God has a university. It’s a small school. Few enroll; even fewer graduate.
Gleanings from my Reading

C. S. Lewis created a beautiful word picture I like to think of when I cannot understand what God is doing. He told us to think of ourselves as a house God is renovating. We think we know what work needs to be done—maybe some small repairs here and there—and then He starts knocking down walls. We are confused and feeling the pain of this level of rebuilding. But maybe His vision is much different than ours. “You thought you were being made into a decent little cottage: but He is building a palace. He intends to come and live in it Himself.”1
We see a cottage. God sees a palace. We see destruction. God sees construction. We see only what the human mind can imagine. God is building something we cannot even fathom. It’s not what we wanted, but it is so very good. And in the end, maybe it’s not what God is working on but how God is working in us that matters most of all.
Lysa TerKeurst, Forgiving What You Can’t Forget: Discover How to Move On, Make Peace with Painful Memories, and Create a Life That's Beautiful Again (Nashville: Thomas Nelson, 2020), 163–164.
God has a university. It’s a small school. Few enroll; even fewer graduate. Very, very few indeed.

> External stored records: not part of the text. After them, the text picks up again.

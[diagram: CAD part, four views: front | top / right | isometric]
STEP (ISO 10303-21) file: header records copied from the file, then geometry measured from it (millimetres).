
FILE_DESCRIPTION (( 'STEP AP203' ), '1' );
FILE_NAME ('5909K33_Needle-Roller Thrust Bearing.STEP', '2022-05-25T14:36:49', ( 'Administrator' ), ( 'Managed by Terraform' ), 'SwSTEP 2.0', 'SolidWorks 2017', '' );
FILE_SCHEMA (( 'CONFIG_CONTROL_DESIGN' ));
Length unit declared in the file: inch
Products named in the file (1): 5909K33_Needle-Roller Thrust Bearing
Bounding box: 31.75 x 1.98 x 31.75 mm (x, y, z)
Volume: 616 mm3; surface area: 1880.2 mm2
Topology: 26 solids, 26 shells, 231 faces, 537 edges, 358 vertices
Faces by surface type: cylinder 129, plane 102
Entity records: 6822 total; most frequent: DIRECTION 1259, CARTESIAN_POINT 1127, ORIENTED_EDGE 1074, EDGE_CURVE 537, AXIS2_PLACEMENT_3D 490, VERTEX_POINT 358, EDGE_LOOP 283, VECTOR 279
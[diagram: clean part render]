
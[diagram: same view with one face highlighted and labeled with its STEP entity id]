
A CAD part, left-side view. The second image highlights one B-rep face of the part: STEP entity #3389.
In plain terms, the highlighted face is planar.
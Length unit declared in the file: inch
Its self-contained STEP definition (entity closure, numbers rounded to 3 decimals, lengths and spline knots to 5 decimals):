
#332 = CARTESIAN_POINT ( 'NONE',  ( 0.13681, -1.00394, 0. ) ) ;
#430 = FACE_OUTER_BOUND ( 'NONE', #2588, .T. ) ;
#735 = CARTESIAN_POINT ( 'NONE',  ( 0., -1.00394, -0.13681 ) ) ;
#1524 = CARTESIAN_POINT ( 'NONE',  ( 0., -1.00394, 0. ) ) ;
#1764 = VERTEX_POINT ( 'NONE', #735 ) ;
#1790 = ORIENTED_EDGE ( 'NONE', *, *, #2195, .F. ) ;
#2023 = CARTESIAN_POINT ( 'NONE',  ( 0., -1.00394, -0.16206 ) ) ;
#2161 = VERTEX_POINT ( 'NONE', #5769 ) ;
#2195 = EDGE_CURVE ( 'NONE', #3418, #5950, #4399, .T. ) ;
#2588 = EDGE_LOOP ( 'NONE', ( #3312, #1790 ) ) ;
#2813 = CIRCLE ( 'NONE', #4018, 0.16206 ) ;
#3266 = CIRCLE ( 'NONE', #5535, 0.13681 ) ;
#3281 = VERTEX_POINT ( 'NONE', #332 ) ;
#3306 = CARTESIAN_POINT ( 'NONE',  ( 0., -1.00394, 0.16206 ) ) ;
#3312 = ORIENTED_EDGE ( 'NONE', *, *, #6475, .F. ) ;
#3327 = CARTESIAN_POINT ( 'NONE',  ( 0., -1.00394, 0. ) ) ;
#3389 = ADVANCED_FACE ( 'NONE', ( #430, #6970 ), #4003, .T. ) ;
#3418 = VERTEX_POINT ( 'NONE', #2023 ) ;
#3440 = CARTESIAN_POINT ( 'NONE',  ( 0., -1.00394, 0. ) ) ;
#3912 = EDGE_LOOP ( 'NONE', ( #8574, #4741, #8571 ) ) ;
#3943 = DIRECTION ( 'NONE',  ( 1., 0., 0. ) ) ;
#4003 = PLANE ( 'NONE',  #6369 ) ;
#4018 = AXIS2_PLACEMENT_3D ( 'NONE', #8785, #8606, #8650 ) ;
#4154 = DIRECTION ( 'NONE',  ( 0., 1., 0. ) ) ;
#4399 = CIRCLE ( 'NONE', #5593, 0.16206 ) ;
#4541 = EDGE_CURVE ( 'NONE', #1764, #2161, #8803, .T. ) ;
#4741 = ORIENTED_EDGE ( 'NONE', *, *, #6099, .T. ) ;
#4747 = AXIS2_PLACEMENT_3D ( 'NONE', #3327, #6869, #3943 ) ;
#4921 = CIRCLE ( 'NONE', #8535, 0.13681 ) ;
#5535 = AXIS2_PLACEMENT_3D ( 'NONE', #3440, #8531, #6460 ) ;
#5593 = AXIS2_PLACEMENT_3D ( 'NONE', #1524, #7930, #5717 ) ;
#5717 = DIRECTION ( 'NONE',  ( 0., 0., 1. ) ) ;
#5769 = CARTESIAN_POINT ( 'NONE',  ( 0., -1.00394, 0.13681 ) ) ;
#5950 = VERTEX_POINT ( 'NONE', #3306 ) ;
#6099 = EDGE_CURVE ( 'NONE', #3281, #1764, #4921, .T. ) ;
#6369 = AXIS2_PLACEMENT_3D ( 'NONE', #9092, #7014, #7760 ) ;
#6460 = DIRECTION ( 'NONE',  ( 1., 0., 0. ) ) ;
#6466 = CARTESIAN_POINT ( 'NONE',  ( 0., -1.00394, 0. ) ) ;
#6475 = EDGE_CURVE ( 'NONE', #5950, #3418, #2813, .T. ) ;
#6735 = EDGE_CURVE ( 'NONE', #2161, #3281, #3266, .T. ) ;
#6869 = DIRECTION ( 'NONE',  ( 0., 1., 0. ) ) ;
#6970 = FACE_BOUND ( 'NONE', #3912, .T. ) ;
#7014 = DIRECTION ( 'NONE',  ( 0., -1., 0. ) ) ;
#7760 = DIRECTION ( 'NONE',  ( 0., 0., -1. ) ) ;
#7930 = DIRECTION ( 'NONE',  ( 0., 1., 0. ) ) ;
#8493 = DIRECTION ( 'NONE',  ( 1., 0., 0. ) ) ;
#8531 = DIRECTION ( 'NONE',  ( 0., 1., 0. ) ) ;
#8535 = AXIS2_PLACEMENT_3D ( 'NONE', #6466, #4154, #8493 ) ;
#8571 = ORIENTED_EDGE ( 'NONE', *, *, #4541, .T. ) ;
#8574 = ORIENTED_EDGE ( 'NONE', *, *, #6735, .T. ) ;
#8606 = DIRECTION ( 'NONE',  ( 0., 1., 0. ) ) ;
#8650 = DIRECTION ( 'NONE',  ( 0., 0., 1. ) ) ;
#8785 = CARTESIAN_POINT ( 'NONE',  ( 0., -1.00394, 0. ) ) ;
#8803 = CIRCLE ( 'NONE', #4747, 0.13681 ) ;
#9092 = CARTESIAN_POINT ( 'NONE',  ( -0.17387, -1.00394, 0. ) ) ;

God has this school because he does not have broken men and women. Instead, he has several other types of people. He has people who claim to have God’s authority . . . and don’t—people who claim to be broken . . . and aren’t. And people who do have God’s authority, but who are mad and unbroken. And he has, regretfully, a great mixture of everything in between. All of these he has in abundance, but broken men and women, hardly at all.
In God’s sacred school of submission and brokenness, why are there so few students? Because all students in this school must suffer much pain. And as you might guess, it is often the unbroken ruler (whom God sovereignly picks) who metes out the pain. David was once a student in this school, and Saul was God’s chosen way to crush David.
As the king grew in madness, David grew in understanding. He knew that God had placed him in the king’s palace under true authority.
“When someone throws a spear at you, David, just wrench it out of the wall and throw it back. Everyone else does, you can be sure.”
And in performing this small feat of returning thrown spears, you will prove many things: You are courageous. You stand for the right. You boldly stand against the wrong. You are tough and can’t be pushed around. You will not stand for injustice or unfair treatment. You are the defender of the faith, keeper of the flame, detector of all heresy. You will not be wronged. All of these attributes then combine to prove that you are also a candidate for kingship. Yes, perhaps you are the Lord’s anointed.
After the order of King Saul.
There is also a possibility that some twenty years after your coronation, you will be the most incredibly skilled spear thrower in all the realm. And also by then . . .
Quite mad.
And please note this: David did not split the kingdom when he made his departure. He did not take part of the population with him. He left alone.
Many pray for the power of God. More every year. Those prayers sound powerful, sincere, godly, and without ulterior motive. Hidden under such prayer and fervor, however, are ambition, a craving for fame, the desire to be considered a spiritual giant. The person who prays such a prayer may not even know it, but dark motives and desires are in his heart . . . in your heart.
Gene Edwards, The Gene Edwards Signature Collection: A Tale of Three Kings / the Prisoner in the Third Cell / the Divine Romance (Carol Stream, IL: Tyndale Momentum, 2016).